- [YOUR GOAL]: Copy the records below in full, keeping each word as it is but omitting the pictures.
+ + + + + + +
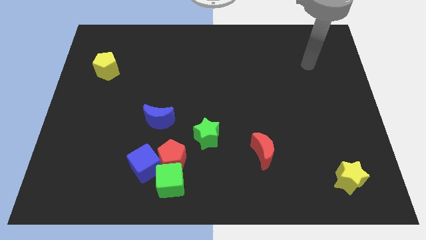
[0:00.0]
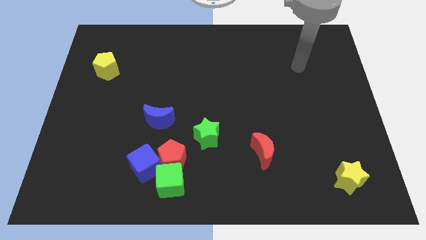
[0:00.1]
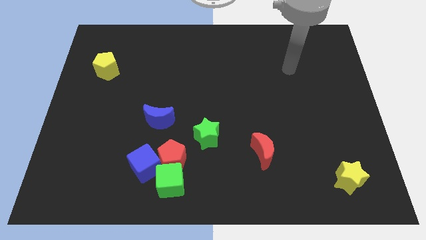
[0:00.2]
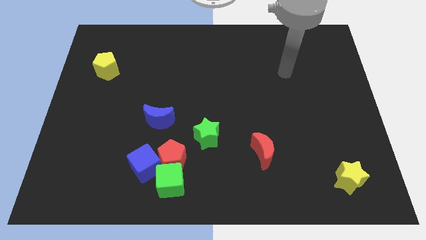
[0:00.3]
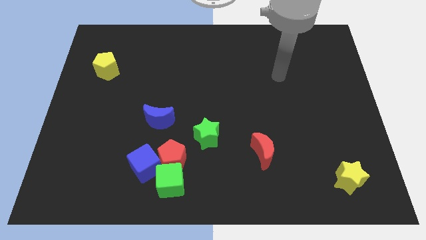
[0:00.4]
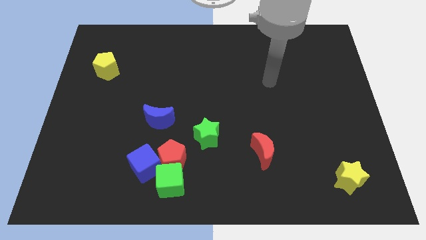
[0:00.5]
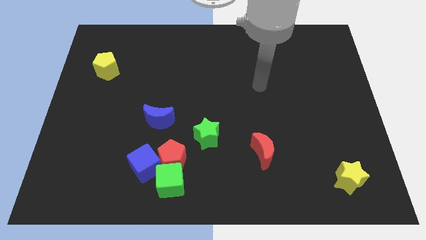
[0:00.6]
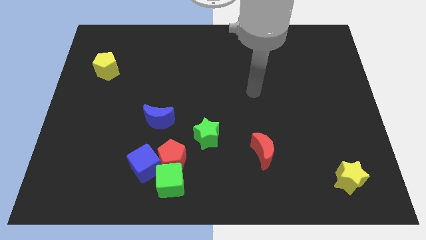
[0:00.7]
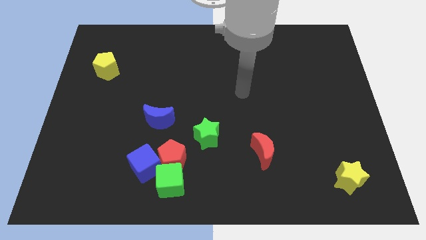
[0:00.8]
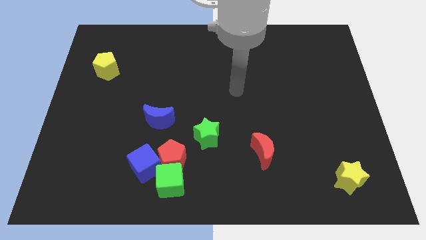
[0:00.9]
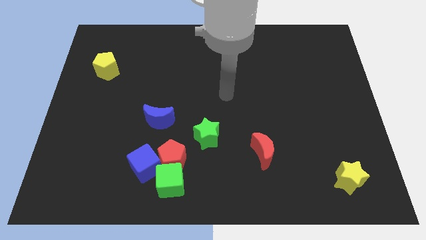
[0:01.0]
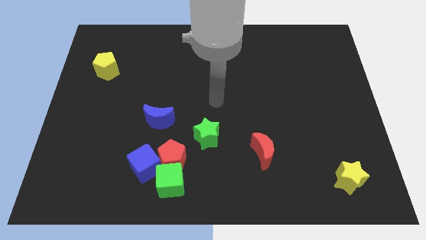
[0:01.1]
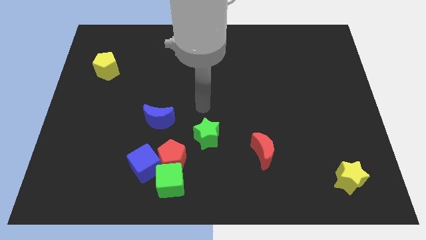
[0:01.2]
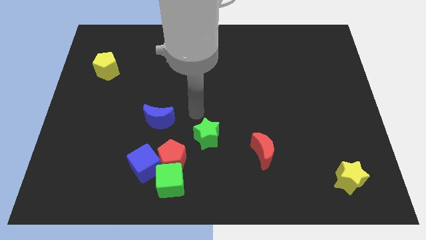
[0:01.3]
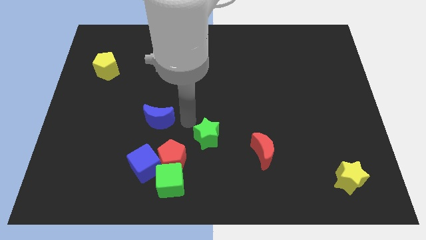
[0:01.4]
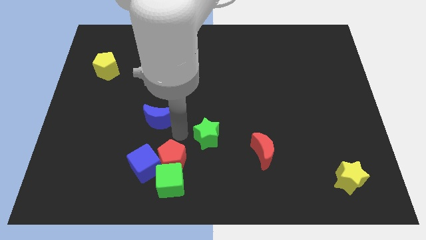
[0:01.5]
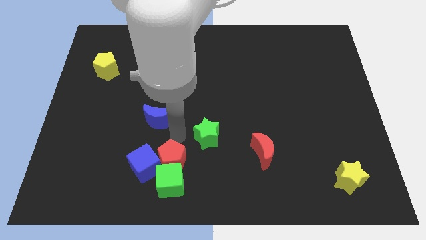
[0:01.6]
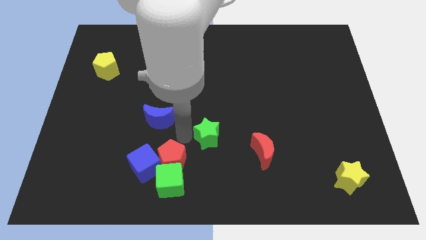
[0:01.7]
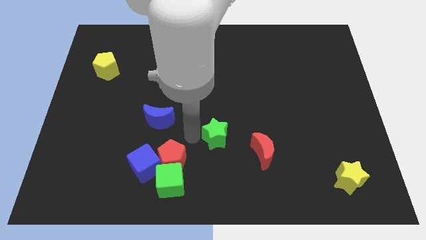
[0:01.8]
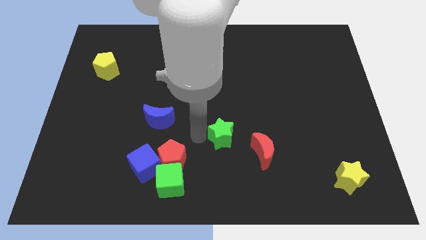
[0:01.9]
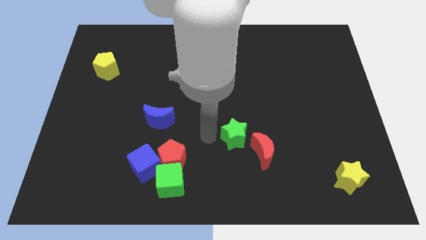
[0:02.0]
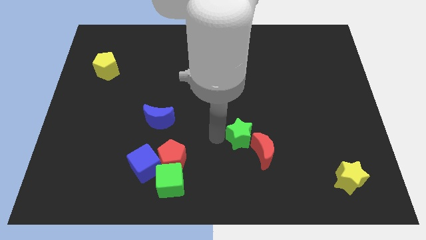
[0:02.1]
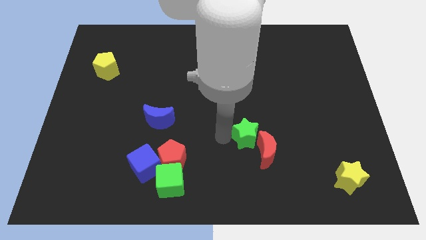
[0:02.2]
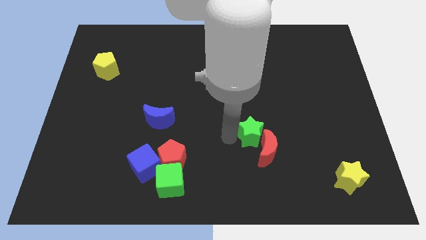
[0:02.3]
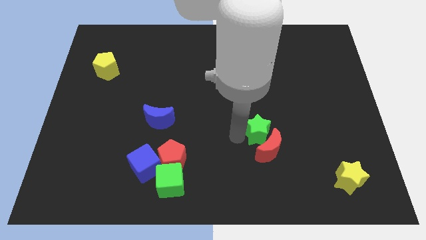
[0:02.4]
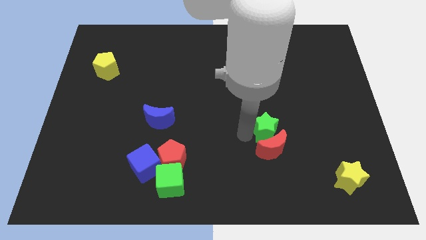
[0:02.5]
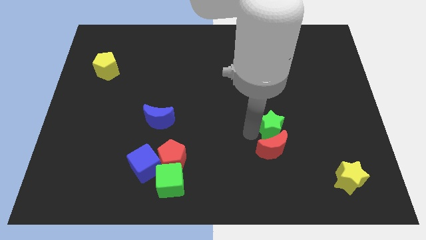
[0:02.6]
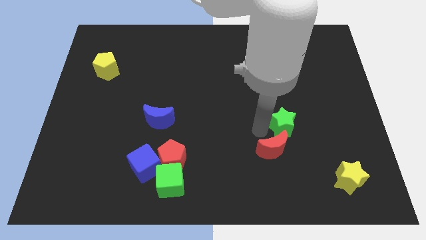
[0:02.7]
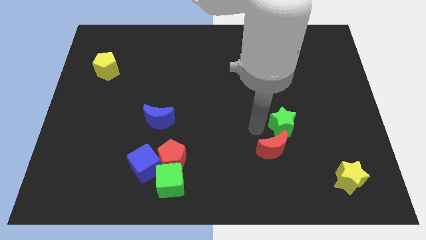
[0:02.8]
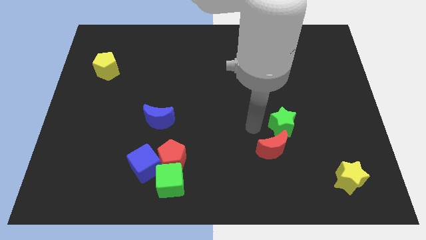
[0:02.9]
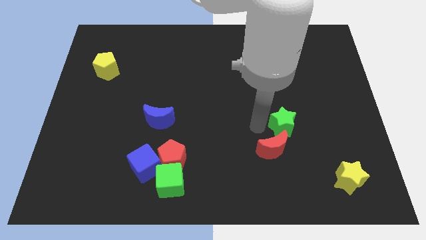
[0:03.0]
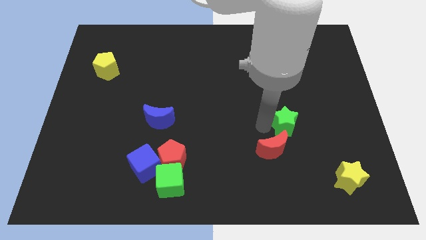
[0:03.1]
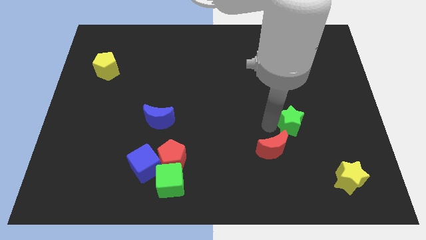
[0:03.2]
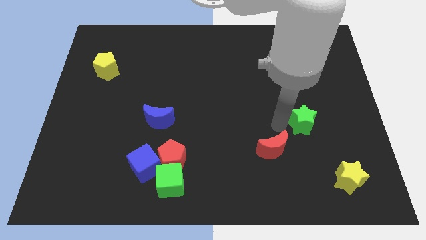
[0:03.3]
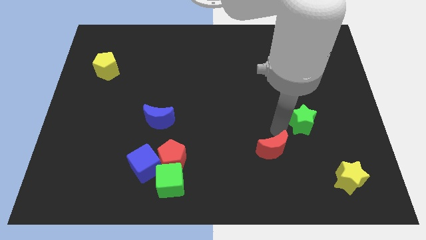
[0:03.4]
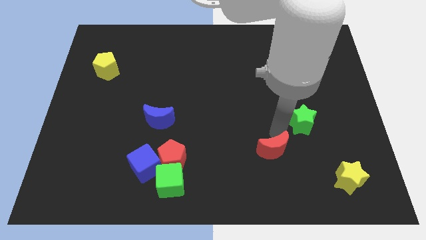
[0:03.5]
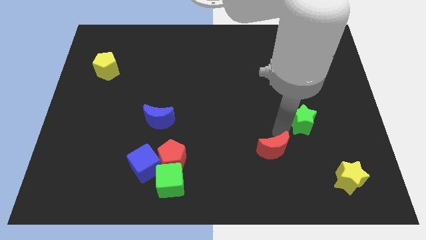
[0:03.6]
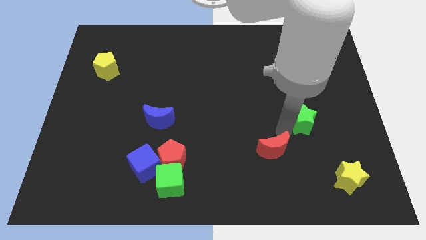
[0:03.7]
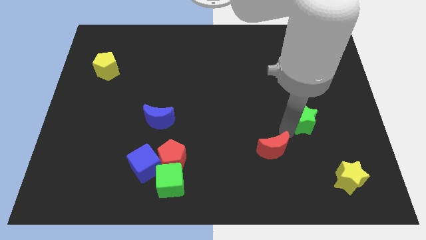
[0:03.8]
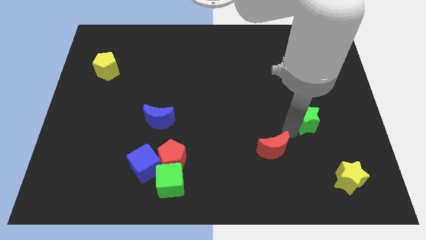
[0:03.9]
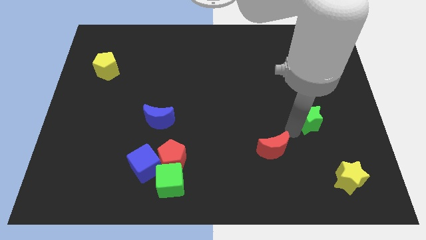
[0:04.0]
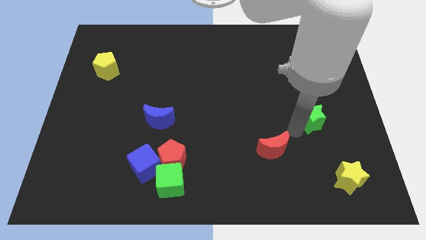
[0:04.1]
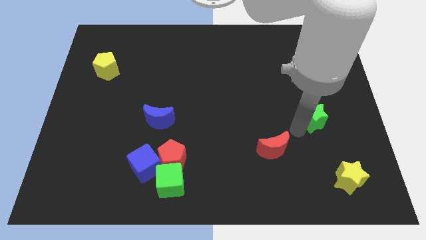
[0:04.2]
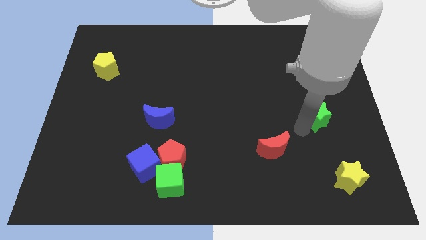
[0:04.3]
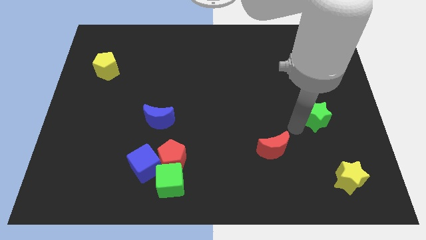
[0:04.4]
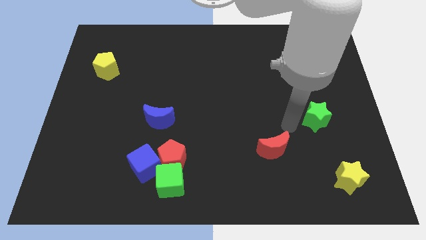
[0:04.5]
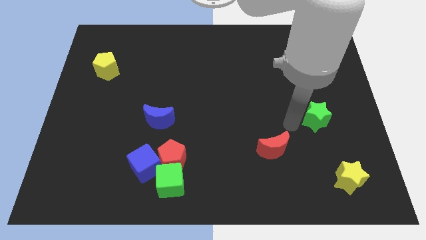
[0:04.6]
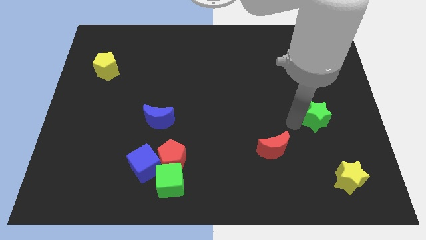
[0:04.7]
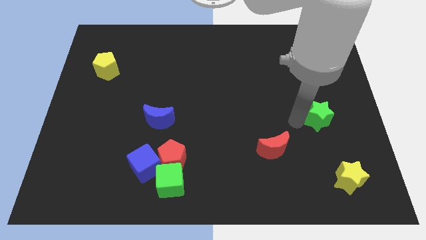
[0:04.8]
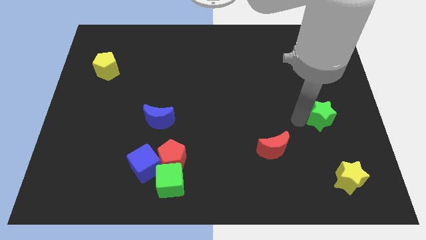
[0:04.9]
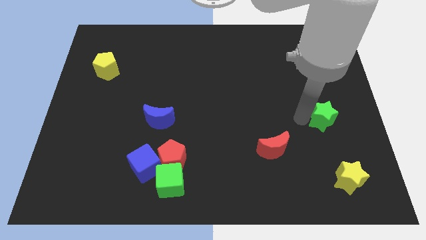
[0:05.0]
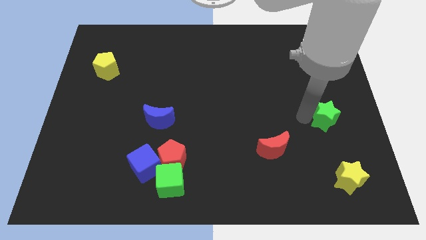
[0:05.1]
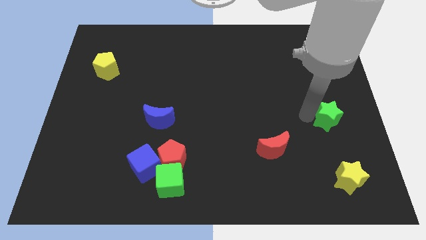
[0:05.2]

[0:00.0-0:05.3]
slide the green star to the right side of the board
+ + + + + + +
- [SOLVED PROBLEM]:
[0:00.0]
[0:00.1]
[0:00.2]
[0:00.3]
[0:00.4]
[0:00.5]
[0:00.6]
[0:00.7]
[0:00.8]
[0:00.9]
[0:01.0]
[0:01.1]
[0:01.2]
[0:01.3]
[0:01.4]
[0:01.5]
[0:01.6]
[0:01.7]
[0:01.8]
[0:01.9]
[0:02.0]
[0:02.1]
[0:02.2]
[0:02.3]
[0:02.4]
[0:02.5]
[0:02.6]
[0:02.7]
[0:02.8]
[0:02.9]
[0:03.0]
[0:03.1]
[0:03.2]
[0:03.3]
[0:03.4]
[0:03.5]
[0:03.6]
[0:03.7]
[0:03.8]
[0:03.9]
[0:04.0]
[0:04.1]
[0:04.2]
[0:04.3]
[0:04.4]
[0:04.5]
[0:04.6]
[0:04.7]
[0:04.8]
[0:04.9]
[0:05.0]
[0:05.1]
[0:05.2]

[0:00.0-0:05.3]
slide the green star to the right side of the board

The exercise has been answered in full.